# What is needed
Could you find each line of the data below that contains the word "shows" and copy those lines?

BEGIN Data for this exercise

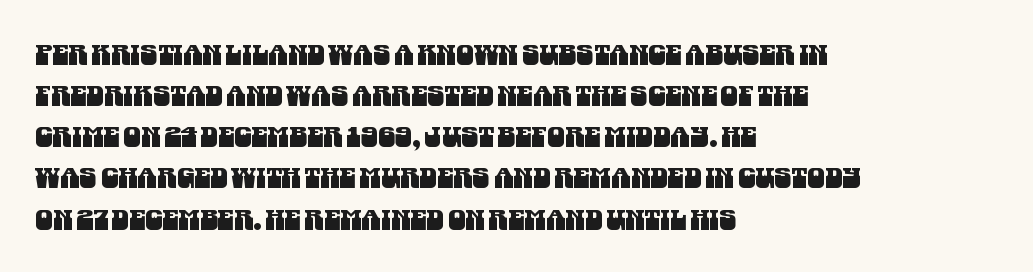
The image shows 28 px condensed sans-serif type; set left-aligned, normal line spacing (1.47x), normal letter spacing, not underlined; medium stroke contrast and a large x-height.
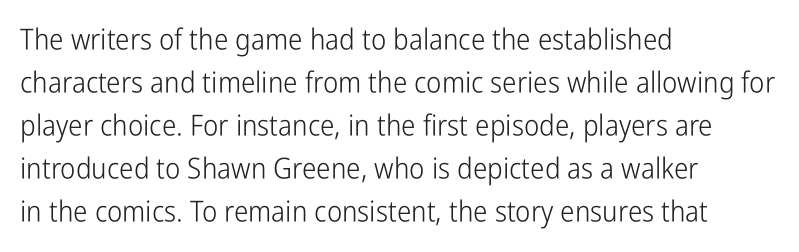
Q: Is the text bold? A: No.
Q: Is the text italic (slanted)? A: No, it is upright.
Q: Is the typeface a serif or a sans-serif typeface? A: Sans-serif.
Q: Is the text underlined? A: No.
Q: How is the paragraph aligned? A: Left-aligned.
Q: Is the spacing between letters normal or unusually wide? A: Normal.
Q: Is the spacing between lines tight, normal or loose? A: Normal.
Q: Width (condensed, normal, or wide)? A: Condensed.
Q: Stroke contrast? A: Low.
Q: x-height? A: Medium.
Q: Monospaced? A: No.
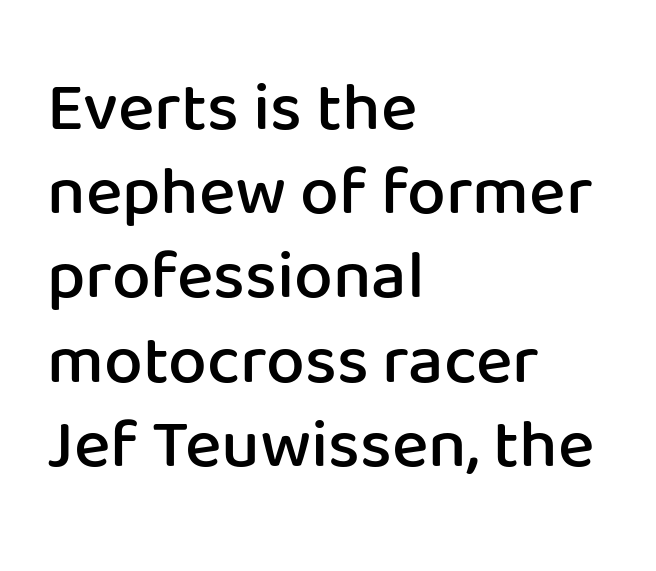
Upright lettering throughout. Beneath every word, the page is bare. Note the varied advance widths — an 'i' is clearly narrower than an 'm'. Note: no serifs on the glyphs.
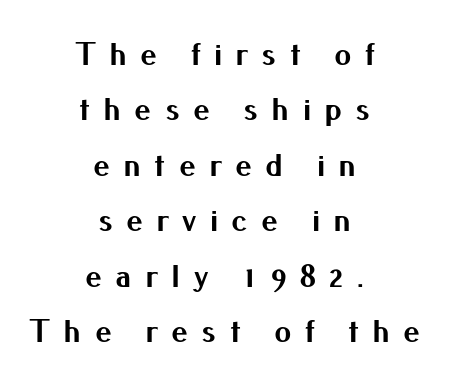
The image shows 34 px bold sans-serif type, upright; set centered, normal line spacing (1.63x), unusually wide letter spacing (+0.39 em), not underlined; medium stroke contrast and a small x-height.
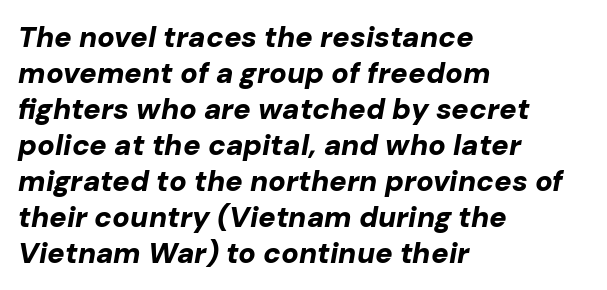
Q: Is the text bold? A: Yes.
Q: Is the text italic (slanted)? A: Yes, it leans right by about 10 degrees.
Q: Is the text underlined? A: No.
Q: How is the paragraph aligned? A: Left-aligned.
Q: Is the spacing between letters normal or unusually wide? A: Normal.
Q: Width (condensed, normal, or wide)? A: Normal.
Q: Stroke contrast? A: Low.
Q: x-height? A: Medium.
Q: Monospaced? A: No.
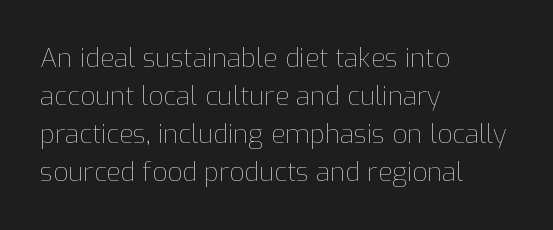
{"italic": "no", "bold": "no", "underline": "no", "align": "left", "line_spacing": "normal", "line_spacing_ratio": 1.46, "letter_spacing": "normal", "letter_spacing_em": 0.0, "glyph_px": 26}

END Data for this exercise

# Output for this exercise
The image shows 28 px condensed sans-serif type; set left-aligned, normal line spacing (1.47x), normal letter spacing, not underlined; medium stroke contrast and a large x-height.
The image shows 34 px bold sans-serif type, upright; set centered, normal line spacing (1.63x), unusually wide letter spacing (+0.39 em), not underlined; medium stroke contrast and a small x-height.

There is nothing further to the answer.